R first searches in the environment where the function was defined. An environment is a collection of symbols and values. Environments have parents.

> parent.env(globalenv())
<environment: package:graphics>
attr(,"name")
[1] "package:graphics"
attr(,"path")
[1] "/Library/Frameworks/R.framework/Versions/3.0/Resources/library/graphics"
> search()
 [1] ".GlobalEnv"        "package:graphics"  "package:grDevices"
 [4] "package:datasets"  "package:devtools"  "package:knitr"
 [7] "package:plyr"      "package:reshape2"  "package:ggplot2"
[10] "package:stats"     "package:coyote"    "package:utils"
[13] "package:methods"   "Autoloads"         "package:base"
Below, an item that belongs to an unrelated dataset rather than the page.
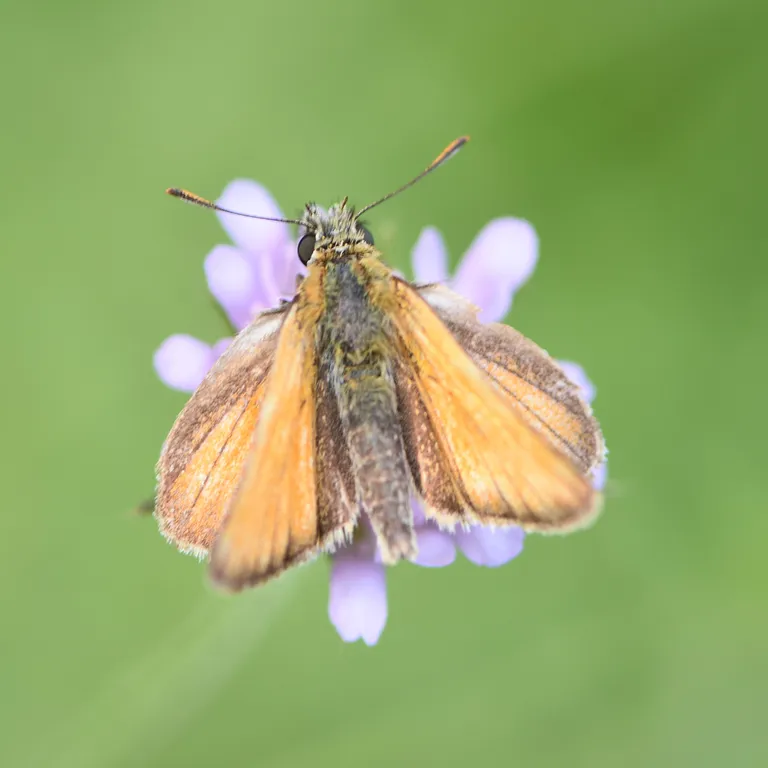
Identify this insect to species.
Thymelicus sylvestris
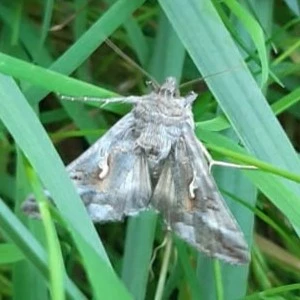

Since we defined add in the global env, R looks for n in that environment. You can confirm that the function add was defined in the global env using the function environment.

environment(add)

These rules matter because you can define nested functions.

Example:

make.power <- function(n) {
    pow <- function(x) {
        x^n
    }
    pow
}

This is a constructor function, i.e. a function that creates another one.

cube <- make.power(3)
square <- make.power(2)
cube(3)
square(3)
ls(environment(cube))
get("n", environment(cube))
ls(environment(square))
get("n", environment(square))

You can see that R is searching for n first within each environment before looking elsewhere.

Why scoping matters?

y <- 10

f1 <- function(x) {
    y <- 2
    y^2 + f2(x)
}


f2 <- function(x) {
    x * y
}

What does f1(10) return?

Possible answers:

  • 104
  • 24

This is a consequence of lexical or static scoping. The alternate will result if R were using dynamic scoping. One downside (as you'll see with larger tasks) is that R has to carry everything in memory.